Retaining happiness, however, is harder work. While getting things we want and achieving goals are sources of happiness, they are not always in our control. We do not always get what we want, and sometimes achieving our goals is much more difficult than we anticipated. These circumstances can result in stress and negative thinking, which directly impacts our level of happiness. It is also true that sometimes we get something we want, and we realize we don’t want it as much as we thought we did. So being happy is not as simple as it seems. The common denominator in all of these situations is the way that we think about what will make us happy and how our expectations of happiness shape our emotions.

For example, we may think that moving to a big city will make us happy. There are a lot of opportunities, a lot of things to do, and more people to meet. Let’s say we succeed in moving to the city, and we learn that it is harder to find an apartment than we thought, and it’s harder to meet people than we anticipated. There are a few ways to respond to this, and the way that we choose to think about our situation will affect our degree of happiness. We can vent our frustrations and lament that we made a poor decision. We can pack up our belongings and move back to where we lived before. Or we can adjust our thinking to adapt to the circumstances in front of us and figure out a path forward.

This may seem difficult, so here are some ways to break down your thought process so that you can adapt to challenging situations and achieve the happiness you desire.

1. Identify extremes in your thinking.

All-or-nothing thinking poses a threat to finding happiness. There is usually a middle ground that you can find before thinking something is hopeless and a lost cause. Become aware if you are making statements that include “always,” “never,” etc. They will bring you down, and it will be hard to climb out of that downward spiral.

2. Link happiness to simple things as well as bigger goals.

Happiness comes in many forms. Find little things that bring you happiness, like enjoying a good meal or looking at the sunset. The simple things can take the edge off of our stress and help us refocus on what we want.

3. Think of your situation as temporary, and stay optimistic.

If something hasn’t worked out, it often means it hasn’t worked out yet. If it doesn’t work out, then you can reconsider your options and keep planning for the future.

4. Avoid comparing yourself to others.

It is often true that other people look like they’ve got it all together. They have the perfect job, relationship, or house. Remember that you don’t know what goes on in their world other than what they share. Focus instead on aspects of your life where you’ve overcome a challenge or ended up being happy.

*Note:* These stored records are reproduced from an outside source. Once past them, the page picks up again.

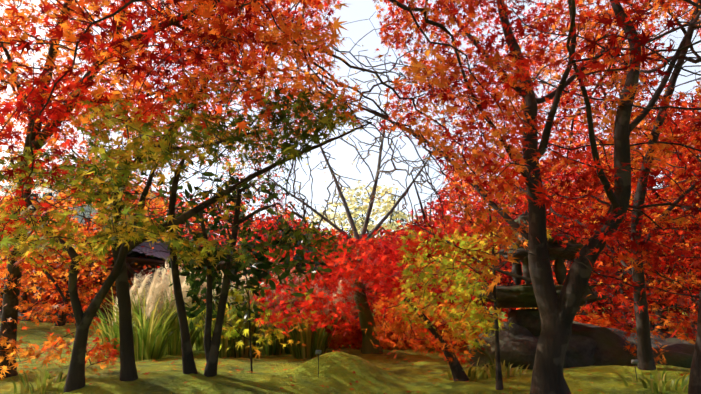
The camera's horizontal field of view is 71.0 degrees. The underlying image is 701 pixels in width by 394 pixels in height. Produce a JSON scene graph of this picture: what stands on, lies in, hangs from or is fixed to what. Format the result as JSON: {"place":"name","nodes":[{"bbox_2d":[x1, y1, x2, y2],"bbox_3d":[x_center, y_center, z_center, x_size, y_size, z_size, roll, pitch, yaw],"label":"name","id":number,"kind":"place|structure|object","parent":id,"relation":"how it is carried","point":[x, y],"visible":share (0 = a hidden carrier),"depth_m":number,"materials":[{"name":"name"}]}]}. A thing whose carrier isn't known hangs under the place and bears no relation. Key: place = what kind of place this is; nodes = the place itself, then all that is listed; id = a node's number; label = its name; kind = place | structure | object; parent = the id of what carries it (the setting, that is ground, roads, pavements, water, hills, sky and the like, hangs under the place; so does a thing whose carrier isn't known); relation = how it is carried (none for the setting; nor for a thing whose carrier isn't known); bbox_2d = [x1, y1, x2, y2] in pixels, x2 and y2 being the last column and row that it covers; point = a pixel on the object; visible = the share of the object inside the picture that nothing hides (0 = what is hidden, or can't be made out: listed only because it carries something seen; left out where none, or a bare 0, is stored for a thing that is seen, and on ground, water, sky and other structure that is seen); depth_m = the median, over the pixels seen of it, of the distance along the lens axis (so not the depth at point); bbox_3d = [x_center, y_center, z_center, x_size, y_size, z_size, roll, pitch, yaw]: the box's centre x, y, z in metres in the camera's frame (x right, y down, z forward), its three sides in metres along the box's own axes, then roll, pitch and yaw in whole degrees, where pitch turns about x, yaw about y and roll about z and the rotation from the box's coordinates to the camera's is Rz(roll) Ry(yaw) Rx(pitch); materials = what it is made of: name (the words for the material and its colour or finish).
{"place":"outdoors","nodes":[
{"label":"outdoors","id":0,"kind":"place"},
{"bbox_2d":[0,281,690,393],"bbox_3d":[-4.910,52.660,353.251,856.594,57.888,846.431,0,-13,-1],"label":"ground","id":1,"kind":"structure","parent":0,"point":[336,374],"depth_m":4.52,"materials":[{"name":"green plant"}]},
{"bbox_2d":[0,196,21,305],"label":"maple tree","id":2,"kind":"object","parent":1,"relation":"on","point":[1,269],"visible":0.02,"depth_m":14.40,"materials":[{"name":"orange plant"}]},
{"bbox_2d":[9,368,85,393],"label":"grass tuft","id":3,"kind":"object","parent":1,"relation":"on","point":[46,381],"visible":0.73,"depth_m":3.77,"materials":[{"name":"green plant"}]},
{"bbox_2d":[0,178,100,325],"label":"maple tree","id":4,"kind":"object","parent":1,"relation":"on","point":[38,279],"visible":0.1,"depth_m":14.86,"materials":[{"name":"orange plant"}]},
{"bbox_2d":[0,165,112,287],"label":"maple tree","id":5,"kind":"object","parent":1,"relation":"on","point":[52,207],"visible":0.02,"depth_m":21.37,"materials":[{"name":"orange plant"}]},
{"bbox_2d":[0,188,165,325],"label":"maple tree","id":6,"kind":"object","parent":1,"relation":"on","point":[62,316],"visible":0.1,"depth_m":14.23,"materials":[{"name":"orange plant"}]},
{"bbox_2d":[0,178,166,280],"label":"white building block","id":7,"kind":"structure","parent":1,"relation":"on","point":[41,194],"depth_m":57.87,"materials":[{"name":"paint"}]},
{"bbox_2d":[0,230,215,323],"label":"temple hall","id":8,"kind":"structure","parent":1,"relation":"on","point":[149,261],"depth_m":17.64,"materials":[{"name":"brown wood"}]},
{"bbox_2d":[0,128,220,392],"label":"maple tree","id":9,"kind":"object","parent":1,"relation":"on","point":[75,379],"visible":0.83,"depth_m":3.36,"materials":[{"name":"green plant"}]},
{"bbox_2d":[68,270,168,356],"bbox_3d":[-3.510,1.822,7.740,1.954,1.358,1.706,-8,-15,31],"label":"pampas plant","id":10,"kind":"object","parent":1,"relation":"on","point":[109,334],"visible":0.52,"depth_m":7.42,"materials":[{"name":"beige plant"}]},
{"bbox_2d":[75,179,181,228],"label":"maple tree","id":11,"kind":"object","parent":1,"relation":"on","point":[141,190],"depth_m":25.80,"materials":[{"name":"orange plant"}]},
{"bbox_2d":[37,198,244,312],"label":"maple tree","id":12,"kind":"object","parent":1,"relation":"on","point":[129,268],"visible":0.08,"depth_m":14.05,"materials":[{"name":"orange plant"}]},
{"bbox_2d":[100,266,204,360],"bbox_3d":[-2.886,1.661,7.023,2.045,1.334,1.941,0,-13,-1],"label":"pampas plant","id":13,"kind":"object","parent":1,"relation":"on","point":[149,343],"visible":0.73,"depth_m":6.91,"materials":[{"name":"green plant"}]},
{"bbox_2d":[108,259,205,331],"bbox_3d":[-3.198,1.834,8.414,2.182,1.558,2.262,0,-13,-1],"label":"pampas plant","id":14,"kind":"object","parent":1,"relation":"on","point":[164,272],"visible":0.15,"depth_m":8.23,"materials":[{"name":"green plant"}]},
{"bbox_2d":[137,268,222,355],"bbox_3d":[-2.693,1.663,7.788,1.914,1.645,2.074,-10,-16,36],"label":"pampas plant","id":15,"kind":"object","parent":1,"relation":"on","point":[173,347],"visible":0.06,"depth_m":7.53,"materials":[{"name":"green plant"}]},
{"bbox_2d":[137,192,252,259],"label":"maple tree","id":16,"kind":"object","parent":1,"relation":"on","point":[178,200],"visible":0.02,"depth_m":20.04,"materials":[{"name":"red plant"}]},
{"bbox_2d":[133,158,257,373],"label":"oak tree","id":17,"kind":"object","parent":1,"relation":"on","point":[188,365],"visible":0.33,"depth_m":4.14,"materials":[{"name":"green plant"}]},
{"bbox_2d":[115,197,283,304],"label":"maple tree","id":18,"kind":"object","parent":1,"relation":"on","point":[211,217],"visible":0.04,"depth_m":13.86,"materials":[{"name":"red plant"}]},
{"bbox_2d":[169,268,264,350],"bbox_3d":[-2.356,1.824,8.284,1.940,1.525,1.997,-6,-14,24],"label":"pampas plant","id":19,"kind":"object","parent":1,"relation":"on","point":[199,343],"visible":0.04,"depth_m":8.04,"materials":[{"name":"green plant"}]},
{"bbox_2d":[68,67,371,380],"bbox_3d":[-0.837,0.180,3.920,2.555,2.742,3.503,7,-15,-28],"label":"maple tree","id":20,"kind":"object","parent":1,"relation":"on","point":[288,151],"visible":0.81,"depth_m":3.36,"materials":[{"name":"green plant"}]},
{"bbox_2d":[166,270,275,357],"bbox_3d":[-1.840,1.643,7.396,2.200,1.526,1.781,-6,-14,24],"label":"pampas plant","id":21,"kind":"object","parent":1,"relation":"on","point":[225,346],"visible":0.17,"depth_m":7.12,"materials":[{"name":"green plant"}]},
{"bbox_2d":[174,259,297,357],"bbox_3d":[-1.637,1.616,7.469,2.159,1.606,2.291,0,-13,-1],"label":"pampas plant","id":22,"kind":"object","parent":1,"relation":"on","point":[243,351],"visible":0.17,"depth_m":7.20,"materials":[{"name":"green plant"}]},
{"bbox_2d":[173,194,325,290],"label":"maple tree","id":23,"kind":"object","parent":1,"relation":"on","point":[210,222],"visible":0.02,"depth_m":18.47,"materials":[{"name":"red plant"}]},
{"bbox_2d":[163,165,337,376],"bbox_3d":[-1.122,0.592,4.708,1.998,2.298,2.271,0,-13,-1],"label":"oak tree","id":24,"kind":"object","parent":1,"relation":"on","point":[212,346],"visible":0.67,"depth_m":4.34,"materials":[{"name":"green plant"}]},
{"bbox_2d":[187,267,316,372],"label":"young maple tree","id":25,"kind":"object","parent":1,"relation":"on","point":[238,298],"visible":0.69,"depth_m":4.70,"materials":[{"name":"yellow plant"}]},
{"bbox_2d":[0,0,552,379],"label":"maple tree","id":26,"kind":"object","parent":1,"relation":"on","point":[14,279],"visible":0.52,"depth_m":3.86,"materials":[{"name":"orange plant"}]},
{"bbox_2d":[180,172,375,303],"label":"maple tree","id":27,"kind":"object","parent":1,"relation":"on","point":[255,220],"visible":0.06,"depth_m":11.83,"materials":[{"name":"red plant"}]},
{"bbox_2d":[180,204,379,316],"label":"maple tree","id":28,"kind":"object","parent":1,"relation":"on","point":[280,253],"visible":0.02,"depth_m":11.24,"materials":[{"name":"red plant"}]},
{"bbox_2d":[254,273,318,355],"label":"pampas plant","id":29,"kind":"object","parent":1,"relation":"on","point":[267,349],"visible":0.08,"depth_m":7.75,"materials":[{"name":"green plant"}]},
{"bbox_2d":[198,224,377,315],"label":"maple tree","id":30,"kind":"object","parent":1,"relation":"on","point":[322,278],"depth_m":13.80,"materials":[{"name":"red plant"}]},
{"bbox_2d":[261,274,339,354],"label":"pampas plant","id":31,"kind":"object","parent":1,"relation":"on","point":[287,349],"visible":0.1,"depth_m":7.75,"materials":[{"name":"green plant"}]},
{"bbox_2d":[197,209,418,328],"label":"maple tree","id":32,"kind":"object","parent":1,"relation":"on","point":[329,261],"visible":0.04,"depth_m":10.22,"materials":[{"name":"red plant"}]},
{"bbox_2d":[315,350,321,376],"bbox_3d":[-0.293,1.553,4.452,0.052,0.318,0.030,5,-14,-20],"label":"plant label","id":33,"kind":"object","parent":1,"relation":"on","point":[318,352],"visible":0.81,"depth_m":4.47,"materials":[{"name":"grey metal"}]},
{"bbox_2d":[277,277,371,358],"bbox_3d":[-0.591,1.708,7.066,1.856,1.225,1.749,4,-14,-18],"label":"pampas plant","id":34,"kind":"object","parent":1,"relation":"on","point":[315,341],"visible":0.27,"depth_m":6.89,"materials":[{"name":"green plant"}]},
{"bbox_2d":[263,207,385,299],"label":"maple tree","id":35,"kind":"object","parent":1,"relation":"on","point":[325,230],"visible":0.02,"depth_m":15.15,"materials":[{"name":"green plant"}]},
{"bbox_2d":[300,317,361,348],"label":"shrub","id":36,"kind":"object","parent":1,"relation":"on","point":[340,343],"visible":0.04,"depth_m":7.99,"materials":[{"name":"red plant"}]},
{"bbox_2d":[0,334,688,393],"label":"fallen leaves","id":37,"kind":"object","parent":1,"relation":"on","point":[353,372],"visible":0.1,"depth_m":5.05,"materials":[{"name":"orange plant"}]},
{"bbox_2d":[0,0,700,393],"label":"maple tree","id":38,"kind":"object","parent":1,"relation":"on","point":[558,314],"visible":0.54,"depth_m":3.80,"materials":[{"name":"red plant"}]},
{"bbox_2d":[327,317,383,349],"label":"shrub","id":39,"kind":"object","parent":1,"relation":"on","point":[346,337],"visible":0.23,"depth_m":7.95,"materials":[{"name":"red plant"}]},
{"bbox_2d":[234,45,479,320],"bbox_3d":[0.145,-0.221,13.910,7.308,8.106,7.077,0,-13,-1],"label":"bare tree","id":40,"kind":"object","parent":1,"relation":"on","point":[372,197],"visible":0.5,"depth_m":13.73,"materials":[{"name":"brown plant"}]},
{"bbox_2d":[244,217,471,353],"bbox_3d":[0.153,1.278,7.632,4.329,2.503,5.039,0,-13,-1],"label":"mossy maple tree","id":41,"kind":"object","parent":1,"relation":"on","point":[357,269],"visible":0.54,"depth_m":6.25,"materials":[{"name":"red plant"}]},
{"bbox_2d":[346,192,378,238],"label":"building","id":42,"kind":"structure","parent":1,"relation":"on","point":[363,218],"depth_m":42.37,"materials":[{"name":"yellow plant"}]},
{"bbox_2d":[309,181,417,235],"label":"golden maple tree","id":43,"kind":"object","parent":1,"relation":"on","point":[352,200],"visible":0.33,"depth_m":26.39,"materials":[{"name":"yellow plant"}]},
{"bbox_2d":[309,230,440,312],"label":"maple tree","id":44,"kind":"object","parent":1,"relation":"on","point":[381,270],"visible":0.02,"depth_m":13.02,"materials":[{"name":"red plant"}]},
{"bbox_2d":[345,315,416,349],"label":"shrub","id":45,"kind":"object","parent":1,"relation":"on","point":[381,332],"visible":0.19,"depth_m":8.00,"materials":[{"name":"red plant"}]},
{"bbox_2d":[283,225,498,318],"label":"maple tree","id":46,"kind":"object","parent":1,"relation":"on","point":[371,298],"depth_m":11.00,"materials":[{"name":"red plant"}]},
{"bbox_2d":[386,191,406,226],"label":"building","id":47,"kind":"structure","parent":1,"relation":"on","point":[403,220],"depth_m":45.70,"materials":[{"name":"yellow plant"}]},
{"bbox_2d":[319,193,488,315],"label":"maple tree","id":48,"kind":"object","parent":1,"relation":"on","point":[421,222],"visible":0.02,"depth_m":14.73,"materials":[{"name":"red plant"}]},
{"bbox_2d":[328,219,513,320],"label":"maple tree","id":49,"kind":"object","parent":1,"relation":"on","point":[456,296],"visible":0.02,"depth_m":12.80,"materials":[{"name":"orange plant"}]},
{"bbox_2d":[360,291,487,380],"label":"maple tree","id":50,"kind":"object","parent":1,"relation":"on","point":[449,352],"visible":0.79,"depth_m":4.78,"materials":[{"name":"orange plant"}]},
{"bbox_2d":[395,310,468,348],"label":"dodan shrub","id":51,"kind":"object","parent":1,"relation":"on","point":[417,335],"visible":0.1,"depth_m":7.88,"materials":[{"name":"red plant"}]},
{"bbox_2d":[402,320,468,351],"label":"dodan shrub","id":52,"kind":"object","parent":1,"relation":"on","point":[467,350],"depth_m":7.98,"materials":[{"name":"red plant"}]},
{"bbox_2d":[316,143,566,304],"bbox_3d":[2.041,1.019,11.268,5.911,4.623,5.888,0,-13,-1],"label":"maple tree","id":53,"kind":"object","parent":1,"relation":"on","point":[423,212],"visible":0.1,"depth_m":10.42,"materials":[{"name":"red plant"}]},
{"bbox_2d":[369,176,522,309],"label":"maple tree","id":54,"kind":"object","parent":1,"relation":"on","point":[425,208],"depth_m":16.44,"materials":[{"name":"red plant"}]},
{"bbox_2d":[390,216,534,308],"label":"maple tree","id":55,"kind":"object","parent":1,"relation":"on","point":[488,273],"depth_m":13.70,"materials":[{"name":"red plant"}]},
{"bbox_2d":[445,357,494,380],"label":"grass tuft","id":56,"kind":"object","parent":1,"relation":"on","point":[476,372],"visible":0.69,"depth_m":4.90,"materials":[{"name":"green plant"}]},
{"bbox_2d":[447,309,493,346],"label":"dodan shrub","id":57,"kind":"object","parent":1,"relation":"on","point":[478,322],"visible":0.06,"depth_m":8.42,"materials":[{"name":"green plant"}]},
{"bbox_2d":[392,204,555,389],"bbox_3d":[1.302,0.964,4.558,1.878,1.726,2.055,0,-13,-1],"label":"maple tree","id":58,"kind":"object","parent":1,"relation":"on","point":[467,242],"visible":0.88,"depth_m":4.25,"materials":[{"name":"yellow plant"}]},
{"bbox_2d":[477,359,528,378],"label":"grass tuft","id":59,"kind":"object","parent":1,"relation":"on","point":[506,372],"visible":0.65,"depth_m":4.95,"materials":[{"name":"green plant"}]},
{"bbox_2d":[397,142,646,311],"bbox_3d":[3.861,0.991,12.258,6.129,5.000,6.389,0,-13,-1],"label":"maple tree","id":60,"kind":"object","parent":1,"relation":"on","point":[444,205],"visible":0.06,"depth_m":12.06,"materials":[{"name":"red plant"}]},
{"bbox_2d":[390,0,700,393],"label":"maple tree","id":61,"kind":"object","parent":1,"relation":"on","point":[694,385],"visible":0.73,"depth_m":3.29,"materials":[{"name":"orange plant"}]},
{"bbox_2d":[454,209,653,322],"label":"maple tree","id":62,"kind":"object","parent":1,"relation":"on","point":[524,280],"visible":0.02,"depth_m":11.75,"materials":[{"name":"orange plant"}]},
{"bbox_2d":[432,0,700,369],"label":"maple tree","id":63,"kind":"object","parent":1,"relation":"on","point":[645,357],"visible":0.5,"depth_m":4.69,"materials":[{"name":"red plant"}]},
{"bbox_2d":[440,120,700,313],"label":"maple tree","id":64,"kind":"object","parent":1,"relation":"on","point":[620,249],"visible":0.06,"depth_m":9.97,"materials":[{"name":"red plant"}]},
{"bbox_2d":[467,161,674,299],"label":"maple tree","id":65,"kind":"object","parent":1,"relation":"on","point":[516,204],"depth_m":15.05,"materials":[{"name":"red plant"}]},
{"bbox_2d":[454,184,700,330],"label":"maple tree","id":66,"kind":"object","parent":1,"relation":"on","point":[600,315],"visible":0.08,"depth_m":8.72,"materials":[{"name":"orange plant"}]},
{"bbox_2d":[467,210,694,369],"bbox_3d":[3.045,1.505,6.533,3.279,2.506,2.355,0,-13,-1],"label":"stone lantern","id":67,"kind":"object","parent":1,"relation":"on","point":[591,345],"visible":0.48,"depth_m":5.70,"materials":[{"name":"grey stone"}]},
{"bbox_2d":[481,187,700,330],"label":"maple tree","id":68,"kind":"object","parent":1,"relation":"on","point":[645,270],"visible":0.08,"depth_m":8.31,"materials":[{"name":"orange plant"}]},
{"bbox_2d":[492,231,698,313],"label":"maple tree","id":69,"kind":"object","parent":1,"relation":"on","point":[592,284],"depth_m":12.29,"materials":[{"name":"red plant"}]},
{"bbox_2d":[498,93,700,332],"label":"maple tree","id":70,"kind":"object","parent":1,"relation":"on","point":[656,313],"visible":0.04,"depth_m":9.31,"materials":[{"name":"red plant"}]},
{"bbox_2d":[507,161,700,343],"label":"maple tree","id":71,"kind":"object","parent":1,"relation":"on","point":[691,338],"visible":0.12,"depth_m":7.63,"materials":[{"name":"red plant"}]},
{"bbox_2d":[573,312,635,332],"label":"shrub","id":72,"kind":"object","parent":1,"relation":"on","point":[577,319],"visible":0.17,"depth_m":8.74,"materials":[{"name":"red plant"}]},
{"bbox_2d":[514,135,695,326],"bbox_3d":[8.058,1.059,14.820,7.139,5.965,7.112,0,-13,-1],"label":"maple tree","id":73,"kind":"object","parent":1,"relation":"on","point":[577,214],"depth_m":14.27,"materials":[{"name":"red plant"}]},
{"bbox_2d":[552,87,700,305],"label":"maple tree","id":74,"kind":"object","parent":1,"relation":"on","point":[662,180],"visible":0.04,"depth_m":8.59,"materials":[{"name":"red plant"}]},
{"bbox_2d":[555,203,700,330],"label":"maple tree","id":75,"kind":"object","parent":1,"relation":"on","point":[651,324],"visible":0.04,"depth_m":9.60,"materials":[{"name":"red plant"}]},
{"bbox_2d":[555,223,700,325],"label":"maple tree","id":76,"kind":"object","parent":1,"relation":"on","point":[648,302],"depth_m":10.87,"materials":[{"name":"red plant"}]},
{"bbox_2d":[631,360,637,381],"bbox_3d":[2.452,1.528,4.213,0.052,0.258,0.031,-2,-13,10],"label":"plant label","id":77,"kind":"object","parent":1,"relation":"on","point":[634,362],"visible":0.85,"depth_m":4.23,"materials":[{"name":"grey"}]},
{"bbox_2d":[578,116,696,318],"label":"maple tree","id":78,"kind":"object","parent":1,"relation":"on","point":[652,195],"depth_m":13.28,"materials":[{"name":"red plant"}]},
{"bbox_2d":[589,223,700,319],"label":"maple tree","id":79,"kind":"object","parent":1,"relation":"on","point":[650,292],"visible":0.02,"depth_m":10.15,"materials":[{"name":"red plant"}]},
{"bbox_2d":[592,201,700,333],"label":"maple tree","id":80,"kind":"object","parent":1,"relation":"on","point":[628,293],"visible":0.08,"depth_m":9.25,"materials":[{"name":"red plant"}]},
{"bbox_2d":[613,368,689,393],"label":"grass tuft","id":81,"kind":"object","parent":1,"relation":"on","point":[655,383],"visible":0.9,"depth_m":4.00,"materials":[{"name":"green plant"}]},
{"bbox_2d":[619,95,700,265],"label":"maple tree","id":82,"kind":"object","parent":1,"relation":"on","point":[681,105],"depth_m":12.82,"materials":[{"name":"red plant"}]},
{"bbox_2d":[0,0,700,268],"label":"sky","id":83,"kind":"structure","parent":0,"point":[344,154],"materials":[{"name":"white"}]}
]}

5. Find multiple ways to be happy.

Consider the different areas of your life where you can achieve happiness. If one area of your life is currently disappointing, reflect on the other ways in which things are going well.

If we link happiness to flexible thinking, and we allow ourselves to adjust our attitude and thoughts, we can be happier more often. Use these tools to have more flexible thinking when you’re feeling unhappy.